また、電動機4のロータの各時点での磁極位置θは、回転センサ43により検出されて制御装置2へ出力される。回転センサ43は、例えばレゾルバ等により構成される。ここで、磁極位置θは、電気角上でのロータの回転角度を表している。電動機4の目標トルクTMは、図示しない車両制御装置等の他の制御装置等からの要求信号として制御装置2に入力される。
2.制御装置の構成
次に、図1に示される制御装置2の機能について、図2〜図5を用いて詳細に説明する。以下に説明する制御装置2の各機能部は、マイクロコンピュータ等の論理回路を中核部材として、入力されたデータに対して種々の処理を行うためのハードウエア又はソフトウエア(プログラム)或いはその両方により構成されている。上記のとおり、制御装置2には、目標トルクTM及び磁極位置θが入力される。
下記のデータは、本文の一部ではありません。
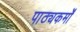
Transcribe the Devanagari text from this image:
पाठ्यकर्मों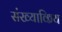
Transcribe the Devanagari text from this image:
संख्याकिय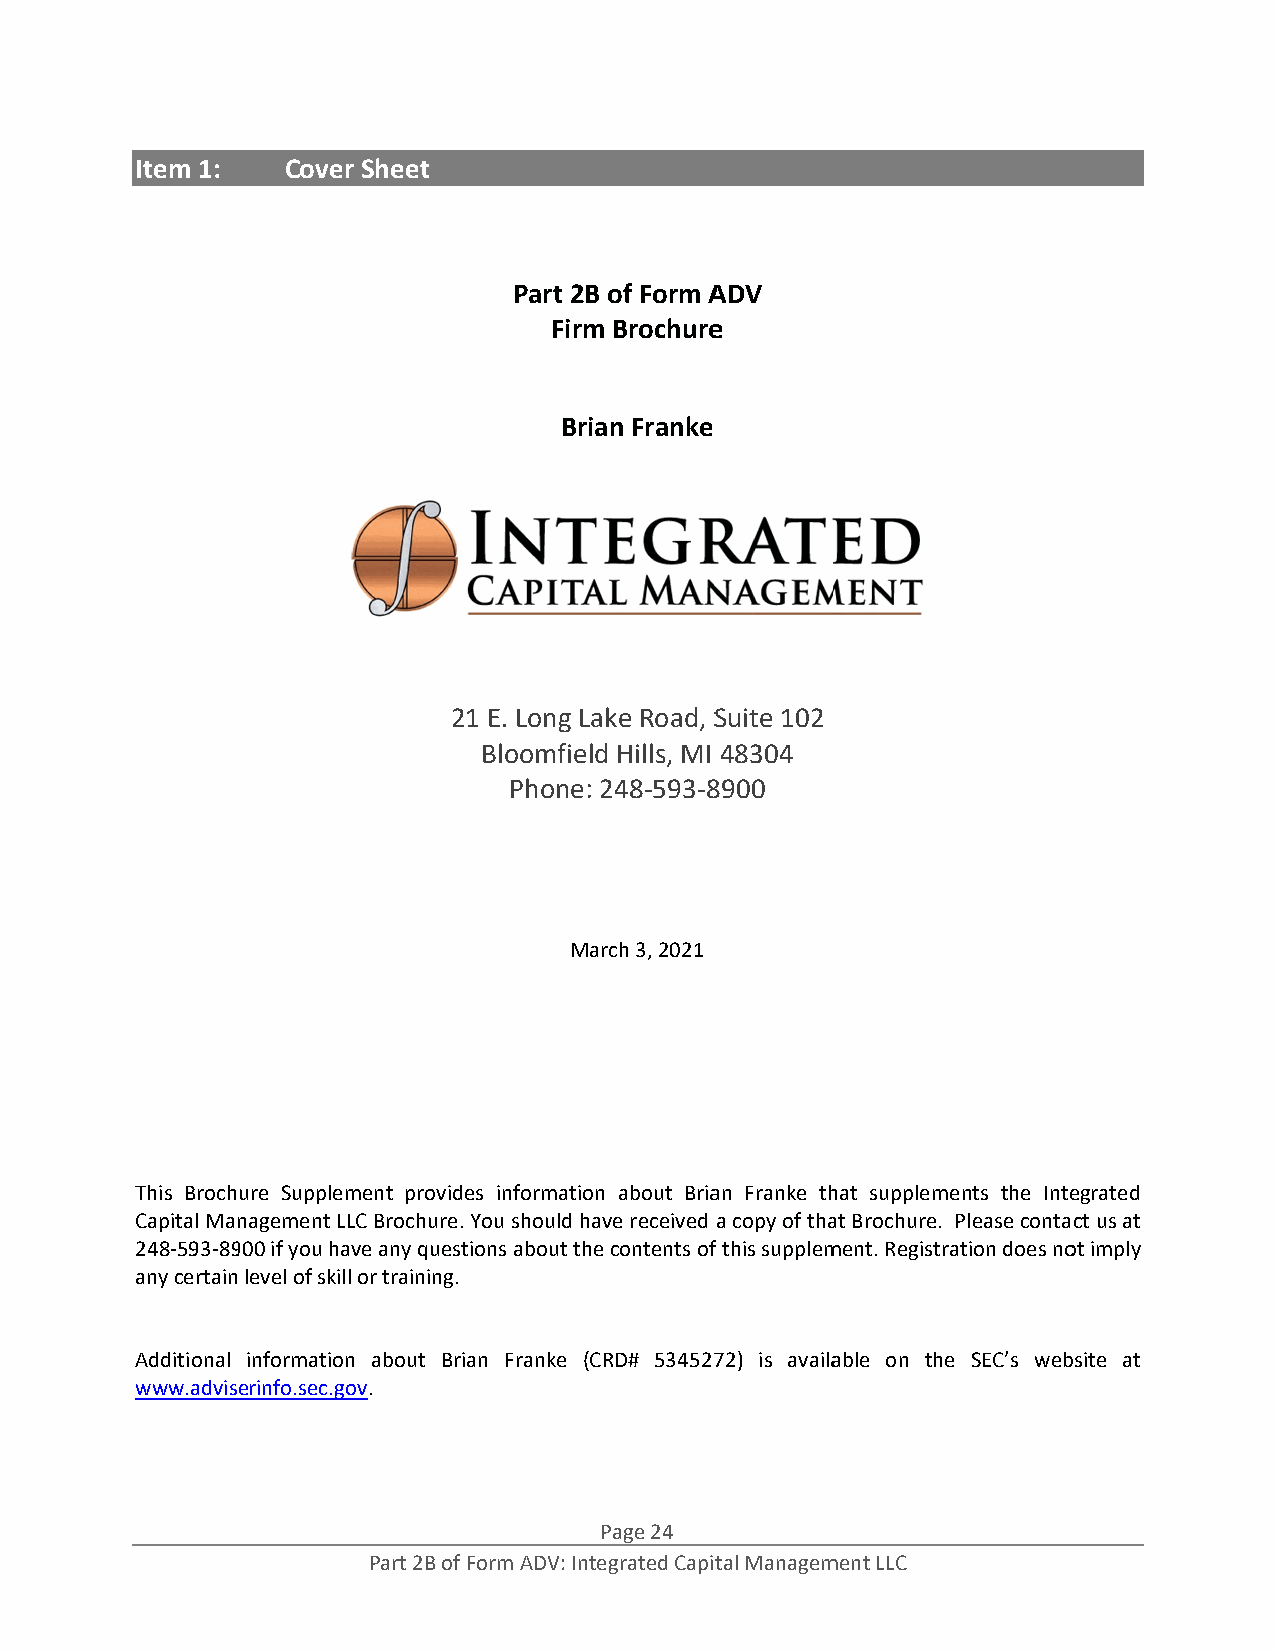
Item 1:   Cover Sheet
 ADV Parrt 2B: Briaan Franke
 Part 2BB of Form AADV
 Firmm Brochuree
 Briaan Franke
 211 E. Long Laake Road, SSuite 102
 Bloomfield Hills, MI 48304
 Phone: 248‐593‐88900
 Maarch 3, 2021
 This Brochure Supplemment providess information about Briaan Franke thhat supplemeents the Inteegrated
 Capital Mannagement LLCC Brochure. YYou should haave received a copy of thaat Brochure. Please contact us at
 248‐593‐89900 if you havve any questioons about thee contents off this supplemment. Registraation does noot imply
 any certain level of skill or training.
 Additional information about Brian Franke (CCRD# 53452772) is availaable on thee SEC’s webbsite at
 www.adviserinfo.sec.gov.
 Page 24
 Part 2B of Form ADV: Inttegrated Capital Managemment LLC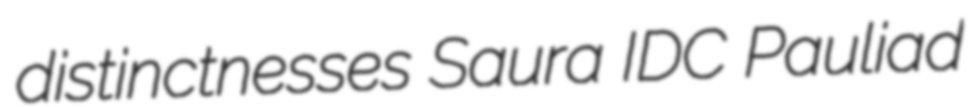
distinctnesses Saura IDC Pauliad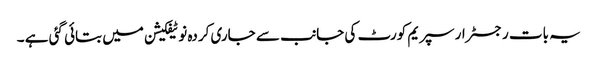
یہ بات رجسٹرار سپریم کورٹ کی جانب سے جاری کردہ نوٹیفکیشن میں بتائی گئی ہے ۔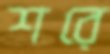
শরে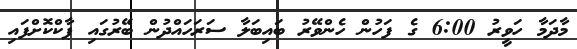
މާދަމާ ހަވީރު 6:00 ގެ ފަހުން ހެންވޭރު ބައިބަލާ ސަރަހައްދުން ބޭރުގައި ޕާކްކޮށްފައި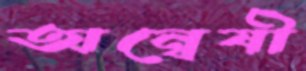
অন্বেষী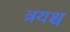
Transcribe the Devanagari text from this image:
त्रयश्च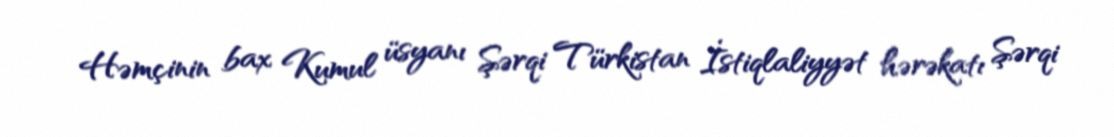
Həmçinin bax Kumul üsyanı Şərqi Türkistan İstiqlaliyyət hərəkatı Şərqi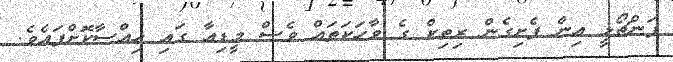
ޕަންޗޯޅީ އިން ފެށިގެން ރިތިކް ގެ ވާހަކަތައް ވެސް މީޑިއާ ގައި ހިއްސާކޮށްފައެވެ.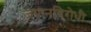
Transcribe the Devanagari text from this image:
जपानविरोधी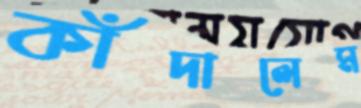
কাঁদালেম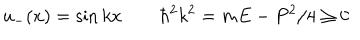
LaTeX: u _ { - } ( x ) = \sin k x \qquad \hbar ^ { 2 } k ^ { 2 } = m E - P ^ { 2 } / 4 \ge 0

そこで、制御装置2は、これらの目標トルクTM、磁極位置θ、及び磁極位置θから導出される電動機4の回転速度ωに応じて電動機4を駆動するためのスイッチング制御信号S1〜S6を生成して出力し、インバータ6を駆動する。この際、制御装置2は、目標トルクTM及び回転速度ωに基づいて定まる交流電圧指令値Vd、Vqに基づいて、直流電圧Vdcに対する交流電圧指令値Vd、Vqの大きさを表す電圧指標としての変調率偏差Δm(後述する式(5)参照)を導出し、当該変調率偏差Δmに基づいてインバータ6に複数の制御モードのいずれかを実行させる。
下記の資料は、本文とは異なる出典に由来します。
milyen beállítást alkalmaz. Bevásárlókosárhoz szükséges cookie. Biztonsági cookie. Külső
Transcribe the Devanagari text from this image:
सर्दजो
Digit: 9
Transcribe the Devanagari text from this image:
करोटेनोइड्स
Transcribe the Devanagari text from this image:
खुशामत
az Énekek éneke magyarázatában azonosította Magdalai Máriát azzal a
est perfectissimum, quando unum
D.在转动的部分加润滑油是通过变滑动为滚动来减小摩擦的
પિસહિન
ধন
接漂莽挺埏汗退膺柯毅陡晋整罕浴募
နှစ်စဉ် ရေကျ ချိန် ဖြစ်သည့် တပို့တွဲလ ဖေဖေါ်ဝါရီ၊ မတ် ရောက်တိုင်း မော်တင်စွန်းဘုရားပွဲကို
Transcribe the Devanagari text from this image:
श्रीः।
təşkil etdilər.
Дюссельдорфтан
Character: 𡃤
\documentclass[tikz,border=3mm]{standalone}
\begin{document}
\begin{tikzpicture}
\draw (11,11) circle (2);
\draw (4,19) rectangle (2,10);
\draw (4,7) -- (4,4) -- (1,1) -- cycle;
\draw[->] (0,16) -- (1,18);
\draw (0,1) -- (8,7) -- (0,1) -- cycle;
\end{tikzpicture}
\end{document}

本実施形態においては、制御装置2は、インバータ6における直流−交流変換に際して、インバータ6に最大トルク制御と共にPWM制御を行わせる第一制御モードと、インバータ6に弱め界磁制御と共に矩形波制御を行わせる第二制御モードと、インバータ6に強め界磁制御と共に矩形波制御を行わせる第三制御モードと、のいずれかを実行する。これらの各制御モードに係る制御方法には、インバータ6から電動機4に供給する交流電圧の波形に関してPWM制御及び矩形波制御の2つがあり、インバータ6から電動機4に供給する交流電流の位相に関して最大トルク制御、弱め界磁制御、及び強め界磁制御の3つがある。制御装置2が実行する3つのモードはこれらを組み合わせて構成されている。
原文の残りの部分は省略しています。